Nur noch aufraffen und wegschmeißen hört sich einfacher an, als es ist.
Das ist mir immer so besonders schwer gefallen, weil ich mich entscheiden musste, was weg kann.
Ich hatte immer das Gefühl, ich kann NICHTS entbehren.

Inzwischen geht es bei mir schon recht gut, weil ich mir Raubtiggers Worte wirklich zu Herzen genommen habe:
"Du bist es wert, schöne Unterwäsche zu tragen!"
Das ging zwar nicht an mich, aber ich hab daraufhin tatsächlich mal meine ganzen ollen Slips angeguckt,
die schon Löcher hatten ("Sommerkollektion") und wo schon das Gummi lose war...
"Ach, das geht ja noch..."
NEIN! motzen schimpfen Weg damit! kick in the a.....

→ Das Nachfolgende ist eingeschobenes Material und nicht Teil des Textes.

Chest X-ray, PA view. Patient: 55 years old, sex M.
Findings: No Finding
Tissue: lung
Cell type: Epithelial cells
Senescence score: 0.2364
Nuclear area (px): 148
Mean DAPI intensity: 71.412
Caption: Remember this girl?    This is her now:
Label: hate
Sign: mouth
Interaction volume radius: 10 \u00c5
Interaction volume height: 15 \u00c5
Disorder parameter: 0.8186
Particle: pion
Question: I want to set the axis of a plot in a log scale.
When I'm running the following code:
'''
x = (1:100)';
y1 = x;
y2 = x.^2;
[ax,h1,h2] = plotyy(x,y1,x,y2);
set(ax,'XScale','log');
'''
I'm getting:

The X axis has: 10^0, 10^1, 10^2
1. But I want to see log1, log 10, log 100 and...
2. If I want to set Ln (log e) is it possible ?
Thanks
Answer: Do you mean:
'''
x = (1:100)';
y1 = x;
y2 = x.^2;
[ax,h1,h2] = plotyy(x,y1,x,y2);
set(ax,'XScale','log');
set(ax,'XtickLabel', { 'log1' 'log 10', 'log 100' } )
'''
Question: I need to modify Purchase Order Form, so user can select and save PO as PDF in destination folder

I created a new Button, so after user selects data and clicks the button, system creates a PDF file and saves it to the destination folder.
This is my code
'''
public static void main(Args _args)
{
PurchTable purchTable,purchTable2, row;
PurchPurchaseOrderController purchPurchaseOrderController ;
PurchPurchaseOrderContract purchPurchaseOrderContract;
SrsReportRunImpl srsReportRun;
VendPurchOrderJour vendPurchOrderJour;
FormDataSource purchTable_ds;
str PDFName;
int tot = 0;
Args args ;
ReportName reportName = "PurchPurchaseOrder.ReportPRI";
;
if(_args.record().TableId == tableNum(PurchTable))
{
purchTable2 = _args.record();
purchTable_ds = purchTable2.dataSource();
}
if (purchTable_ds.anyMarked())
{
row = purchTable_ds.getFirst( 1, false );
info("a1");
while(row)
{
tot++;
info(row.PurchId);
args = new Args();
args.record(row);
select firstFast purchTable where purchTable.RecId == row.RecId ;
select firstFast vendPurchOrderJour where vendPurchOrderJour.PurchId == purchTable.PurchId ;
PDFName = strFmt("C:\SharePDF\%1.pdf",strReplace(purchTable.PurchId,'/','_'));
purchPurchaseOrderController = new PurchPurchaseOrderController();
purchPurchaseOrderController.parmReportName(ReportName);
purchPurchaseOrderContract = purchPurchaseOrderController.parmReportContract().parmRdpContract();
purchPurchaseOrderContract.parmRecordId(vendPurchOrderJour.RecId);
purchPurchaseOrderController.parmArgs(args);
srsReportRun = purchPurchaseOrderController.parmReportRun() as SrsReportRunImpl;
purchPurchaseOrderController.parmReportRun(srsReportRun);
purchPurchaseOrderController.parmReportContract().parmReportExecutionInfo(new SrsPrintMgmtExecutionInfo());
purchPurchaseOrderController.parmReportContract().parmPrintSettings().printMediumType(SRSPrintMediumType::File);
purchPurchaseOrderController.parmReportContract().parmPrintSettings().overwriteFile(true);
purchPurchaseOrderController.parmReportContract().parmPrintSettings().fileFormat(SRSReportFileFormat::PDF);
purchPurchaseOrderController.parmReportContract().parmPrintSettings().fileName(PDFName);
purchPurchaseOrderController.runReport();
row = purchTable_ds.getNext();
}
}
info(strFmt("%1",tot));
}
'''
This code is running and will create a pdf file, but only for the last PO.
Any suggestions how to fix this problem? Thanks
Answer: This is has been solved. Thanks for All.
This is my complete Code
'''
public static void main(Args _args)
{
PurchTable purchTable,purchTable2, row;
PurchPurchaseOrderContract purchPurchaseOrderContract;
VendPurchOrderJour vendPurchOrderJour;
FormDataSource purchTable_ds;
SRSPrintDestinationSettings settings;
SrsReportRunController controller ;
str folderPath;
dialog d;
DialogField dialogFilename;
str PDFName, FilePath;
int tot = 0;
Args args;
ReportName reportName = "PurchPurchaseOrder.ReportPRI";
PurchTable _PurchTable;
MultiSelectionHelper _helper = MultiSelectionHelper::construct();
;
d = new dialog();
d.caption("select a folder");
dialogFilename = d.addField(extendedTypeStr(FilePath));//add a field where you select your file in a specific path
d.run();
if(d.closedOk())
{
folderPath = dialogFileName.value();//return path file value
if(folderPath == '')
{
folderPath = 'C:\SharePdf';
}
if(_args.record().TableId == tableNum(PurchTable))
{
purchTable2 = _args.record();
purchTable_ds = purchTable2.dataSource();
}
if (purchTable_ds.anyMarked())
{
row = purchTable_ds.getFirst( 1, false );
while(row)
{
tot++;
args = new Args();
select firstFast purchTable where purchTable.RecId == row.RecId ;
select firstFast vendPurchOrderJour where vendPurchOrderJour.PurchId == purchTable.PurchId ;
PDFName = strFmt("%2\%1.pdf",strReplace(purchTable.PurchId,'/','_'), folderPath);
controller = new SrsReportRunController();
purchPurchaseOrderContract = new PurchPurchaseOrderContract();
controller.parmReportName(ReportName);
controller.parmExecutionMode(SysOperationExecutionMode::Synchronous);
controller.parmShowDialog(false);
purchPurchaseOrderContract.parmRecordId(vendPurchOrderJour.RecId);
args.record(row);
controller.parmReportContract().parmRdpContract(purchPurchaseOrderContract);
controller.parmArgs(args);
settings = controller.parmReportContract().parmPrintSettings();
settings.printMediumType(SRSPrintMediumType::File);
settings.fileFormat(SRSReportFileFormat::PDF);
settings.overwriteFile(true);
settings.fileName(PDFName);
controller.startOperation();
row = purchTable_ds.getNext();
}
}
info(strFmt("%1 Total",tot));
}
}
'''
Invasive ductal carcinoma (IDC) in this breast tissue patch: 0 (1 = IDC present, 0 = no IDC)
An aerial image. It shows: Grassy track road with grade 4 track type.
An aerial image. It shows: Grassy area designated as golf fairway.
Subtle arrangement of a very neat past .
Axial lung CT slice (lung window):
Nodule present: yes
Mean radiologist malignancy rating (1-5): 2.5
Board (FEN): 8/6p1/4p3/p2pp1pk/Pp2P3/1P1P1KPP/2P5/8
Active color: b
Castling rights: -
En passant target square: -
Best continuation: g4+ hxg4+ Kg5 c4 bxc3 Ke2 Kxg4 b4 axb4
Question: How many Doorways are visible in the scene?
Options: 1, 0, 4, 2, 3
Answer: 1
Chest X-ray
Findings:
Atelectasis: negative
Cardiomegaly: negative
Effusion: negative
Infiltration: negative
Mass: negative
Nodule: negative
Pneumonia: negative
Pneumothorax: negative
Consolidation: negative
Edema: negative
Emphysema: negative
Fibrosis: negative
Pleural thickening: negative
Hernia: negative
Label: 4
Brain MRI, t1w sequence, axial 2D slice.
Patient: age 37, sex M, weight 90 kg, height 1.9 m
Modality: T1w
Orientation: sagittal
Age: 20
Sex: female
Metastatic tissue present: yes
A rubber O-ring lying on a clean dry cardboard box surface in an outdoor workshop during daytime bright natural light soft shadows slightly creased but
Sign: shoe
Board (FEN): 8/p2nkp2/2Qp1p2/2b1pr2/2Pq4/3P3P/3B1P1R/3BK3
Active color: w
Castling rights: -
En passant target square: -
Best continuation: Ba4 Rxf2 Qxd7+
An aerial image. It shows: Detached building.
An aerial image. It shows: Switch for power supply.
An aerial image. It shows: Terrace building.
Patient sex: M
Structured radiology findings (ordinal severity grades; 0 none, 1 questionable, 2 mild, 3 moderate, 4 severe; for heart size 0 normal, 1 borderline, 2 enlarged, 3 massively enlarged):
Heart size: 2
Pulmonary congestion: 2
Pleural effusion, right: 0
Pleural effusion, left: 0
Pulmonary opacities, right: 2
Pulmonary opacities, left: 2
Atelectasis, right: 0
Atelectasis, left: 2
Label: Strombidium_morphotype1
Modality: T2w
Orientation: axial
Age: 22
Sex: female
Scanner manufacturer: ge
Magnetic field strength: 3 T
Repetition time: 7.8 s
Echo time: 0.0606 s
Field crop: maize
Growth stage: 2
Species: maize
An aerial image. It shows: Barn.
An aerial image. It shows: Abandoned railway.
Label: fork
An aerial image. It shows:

Das war der Anfang meines Befreiungsschlages. Und nun geht es fast täglich weiter.
Manchmal fällt es schwer, und manchmal ärgere ich mich hinterher: "Die schöne Bluse!"

Dann sag ich mir: EGAL! Weg ist weg! Und dann kann ich mich auch freuen.
Platz ist wichtiger, als der Pullover, den ich schon 2 Jahre nicht getragen habe, weil er mir nicht mehr gefällt!
Oder die Hose, die am Bauch kneift.

Das Horten hab ich mir in Zeiten chronischen Geldmangels angewöhnt.
Klar, wenn man zu wenig Geld hat, sogar auf dem Flohmarkt was zu kaufen, hebt man jeden Schrott auf.

Aber als mein Schrank so voll war, dass ich nichts mehr ordentlich reinlegen konnte,
und reinstopfen auch nur noch mit Mühe ging, und die Türen dauernd aufsprangen.... Verlegen Verlegen Verlegen

... da hab ich mich wirklich ernsthaft gefragt, ob das noch gut für mich ist.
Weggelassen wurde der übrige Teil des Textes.